# Big IPUMS data

#### 2019-06-04

Browsing data on the IPUMS website can be a little like grocery shopping when you’re hungry — you show up to grab a couple things, but everything looks so good, and you end up with an overflowing cart1. When you do this with IPUMS data, unfortunately, sometimes your extract may get so large that it doesn’t fit in your computer’s memory.

If you’ve got an extract that’s too big, both the IPUMS website and the ipumsr package have tools to help. There are four basic strategies:

1. Get more memory.
2. Reduce the size of your dataset.
3. Use “chunked”/“yield” reading to work one piece at a time.
4. Use a database.

The IPUMS website has features to help with option 2, and the ipumsr package can help you with options 3 and 4 (option 1 depends on your wallet).

The examples in this vignette will rely on the ipumsr, dplyr and biglm packages, and the example CPS extract used in the ipums-cps vignette. If you want to follow along, you should follow the instructions in that vignette to make an extract.

library(ipumsr)
library(dplyr)

# To run the full vignette you'll also need the following packages:
installed_biglm <- requireNamespace("biglm")
installed_db_pkgs <- requireNamespace("DBI") &
requireNamespace("RSQLite") &
requireNamespace("dbplyr")

# Change these filepaths to the filepaths of your downloaded extract
cps_ddi_file <- "cps_00001.xml"
cps_data_file <- "cps_00001.dat"

# Option 1: Trade money for convenience

If you’ve got a dataset that’s too big for your RAM, you could always get more. You could accomplish this by upgrading your current computer, getting a new one, or paying a cloud service like Amazon or Microsoft Azure (or one of the many other similar services). Here are guides for using R on Amazon and Microsoft Azure.

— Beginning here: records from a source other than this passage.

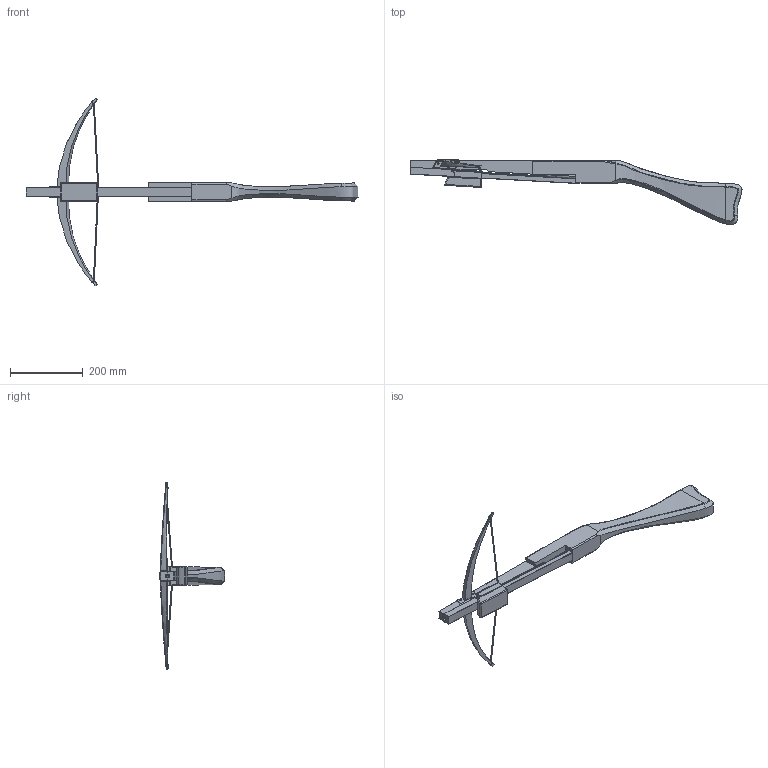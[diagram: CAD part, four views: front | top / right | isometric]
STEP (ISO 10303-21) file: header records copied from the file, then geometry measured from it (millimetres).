
FILE_DESCRIPTION (( 'STEP AP214' ), '1' );
FILE_NAME ('Repeating Crossbow after file.STEP', '2021-11-16T17:53:55', ( 'User' ), ( '' ), 'SwSTEP 2.0', 'SolidWorks 2018', '' );
FILE_SCHEMA (( 'AUTOMOTIVE_DESIGN' ));
Length unit declared in the file: inch
Products named in the file (14): Clamp; Cover; Top Barrel and the Bow Plate; Bow Plate_Right; Bow Plate_Left; Top Barrel; Bow; Pump slide; Quarrel; Stock; Lower Barrel and Runners; Runner; Lower Barrel; Repeating Crossbow after file
Assembly tree (16 placements, depth 3):
  Repeating Crossbow after file
    Lower Barrel and Runners
      Lower Barrel
      Runner  x2
    Stock
    Quarrel  x3
    Pump slide
    Bow
    Top Barrel and the Bow Plate
      Top Barrel
      Bow Plate_Left
      Bow Plate_Right
    Cover
    Clamp
Bounding box: 914.57 x 179.21 x 517.65 mm (x, y, z)
Volume: 2097156 mm3; surface area: 362373.1 mm2
Topology: 37 solids, 37 shells, 824 faces, 2130 edges, 1239 vertices
Faces by surface type: cylinder 273, plane 249, torus 175, bspline 73, cone 28, sphere 26
Entity records: 34789 total; most frequent: CARTESIAN_POINT 15347, DIRECTION 4038, ORIENTED_EDGE 3736, EDGE_CURVE 1868, AXIS2_PLACEMENT_3D 1690, VERTEX_POINT 1175, CIRCLE 960, EDGE_LOOP 813
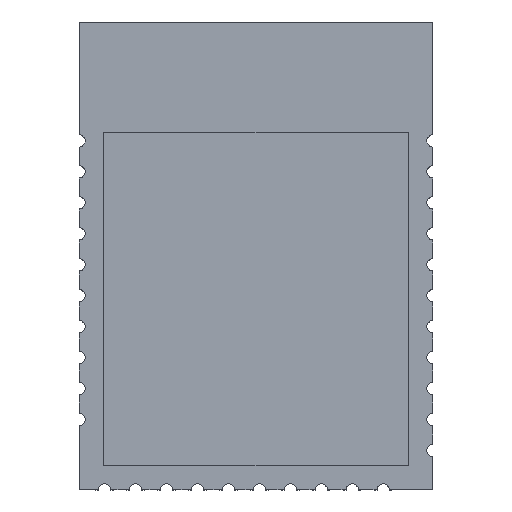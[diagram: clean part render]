
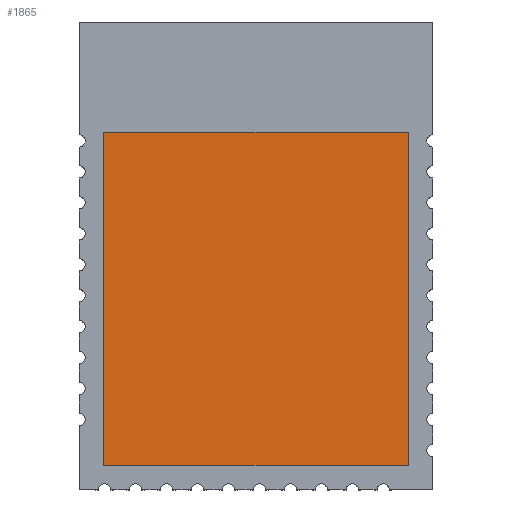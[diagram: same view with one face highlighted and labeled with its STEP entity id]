
A CAD part, top view. The second image highlights one B-rep face of the part: STEP entity #1865.
In plain terms, the highlighted planar face has unit normal (0, 0, 1).
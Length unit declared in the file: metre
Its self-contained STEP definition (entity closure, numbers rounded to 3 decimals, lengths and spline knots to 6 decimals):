
#1265 = EDGE_CURVE( '', #2412, #3142, #3143, .T. );
#1451 = EDGE_CURVE( '', #3415, #2786, #3416, .T. );
#1865 = ADVANCED_FACE( '', ( #3959 ), #3960, .T. );
#2297 = EDGE_CURVE( '', #3142, #3415, #4451, .T. );
#2337 = EDGE_CURVE( '', #2786, #2412, #4496, .T. );
#2412 = VERTEX_POINT( '', #4578 );
#2786 = VERTEX_POINT( '', #5087 );
#3142 = VERTEX_POINT( '', #5603 );
#3143 = LINE( '', #5604, #5605 );
#3415 = VERTEX_POINT( '', #5994 );
#3416 = LINE( '', #5995, #5996 );
#3959 = FACE_OUTER_BOUND( '', #6832, .T. );
#3960 = PLANE( '', #6833 );
#4451 = LINE( '', #7658, #7659 );
#4496 = LINE( '', #7732, #7733 );
#4578 = CARTESIAN_POINT( '', ( 0.006241, -0.008567, 0.002017 ) );
#5087 = CARTESIAN_POINT( '', ( -0.006239, -0.008567, 0.002017 ) );
#5603 = CARTESIAN_POINT( '', ( 0.006241, 0.005088, 0.002017 ) );
#5604 = CARTESIAN_POINT( '', ( 0.006241, -0.008567, 0.002017 ) );
#5605 = VECTOR( '', #8568, 1. );
#5994 = CARTESIAN_POINT( '', ( -0.006239, 0.005088, 0.002017 ) );
#5995 = CARTESIAN_POINT( '', ( -0.006239, -0.008567, 0.002017 ) );
#5996 = VECTOR( '', #8919, 1. );
#6832 = EDGE_LOOP( '', ( #9766, #9767, #9768, #9769 ) );
#6833 = AXIS2_PLACEMENT_3D( '', #9770, #9771, #9772 );
#7658 = CARTESIAN_POINT( '', ( 0.006241, 0.005088, 0.002017 ) );
#7659 = VECTOR( '', #10340, 1. );
#7732 = CARTESIAN_POINT( '', ( 0.006241, -0.008567, 0.002017 ) );
#7733 = VECTOR( '', #10399, 1. );
#8568 = DIRECTION( '', ( 0., 1., 0. ) );
#8919 = DIRECTION( '', ( 0., -1., 0. ) );
#9766 = ORIENTED_EDGE( '', *, *, #1265, .T. );
#9767 = ORIENTED_EDGE( '', *, *, #2297, .T. );
#9768 = ORIENTED_EDGE( '', *, *, #1451, .T. );
#9769 = ORIENTED_EDGE( '', *, *, #2337, .T. );
#9770 = CARTESIAN_POINT( '', ( 0., -0.009587, 0.002017 ) );
#9771 = DIRECTION( '', ( 0., 0., 1. ) );
#9772 = DIRECTION( '', ( 1., 0., 0. ) );
#10340 = DIRECTION( '', ( -1., 0., 0. ) );
#10399 = DIRECTION( '', ( 1., 0., 0. ) );
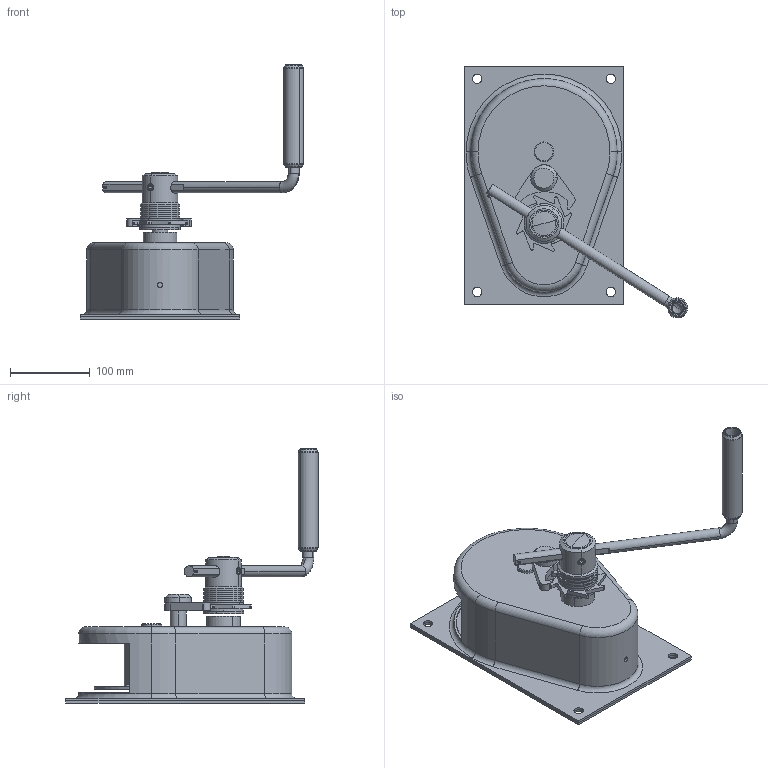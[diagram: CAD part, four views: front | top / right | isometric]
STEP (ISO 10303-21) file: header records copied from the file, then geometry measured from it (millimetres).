
FILE_DESCRIPTION (( 'STEP AP203' ), '1' );
FILE_NAME ('SL3730_TL300.STEP', '2014-04-03T11:39:49', ( ' ' ), ( '' ), 'SwSTEP 2.0', 'SolidWorks 2012', '' );
FILE_SCHEMA (( 'CONFIG_CONTROL_DESIGN' ));
Length unit declared in the file: millimetre
Products named in the file (1): SL3730_TL300
Bounding box: 280.53 x 317.06 x 319.6 mm (x, y, z)
Surface area: 430471.8 mm2 (no closed solid volume)
Topology: 0 solids, 26 shells, 394 faces, 1234 edges, 876 vertices
Faces by surface type: cylinder 232, plane 94, torus 28, cone 28, bspline 6, sphere 6
Entity records: 15238 total; most frequent: CARTESIAN_POINT 3611, DIRECTION 2740, ORIENTED_EDGE 2078, EDGE_CURVE 1234, AXIS2_PLACEMENT_3D 1143, VERTEX_POINT 876, CIRCLE 754, EDGE_LOOP 487

# Option 2: Do you really need all of that?

The IPUMS website has many features that will let you reduce the size of your extract. The easiest thing to do is to review your sample and variable selections to see if you can drop some.

If you do need every sample and variable, but your analysis is on a specific subset of the data, the IPUMS extract engine has a feature called “Select Cases”, where you can subset on an included variable (for example you could subset on AGE so that your extract only includes those older than 65, or subset on EDUCATION to look at only college graduates). In most IPUMS microdata projects, the select cases feature is on the “Create Extract” page, as the last step before you submit the extract. If you’ve already submitted the extract, you can click the “revise” link on the “Download or Revise Extracts” page to access the “Select Cases” feature.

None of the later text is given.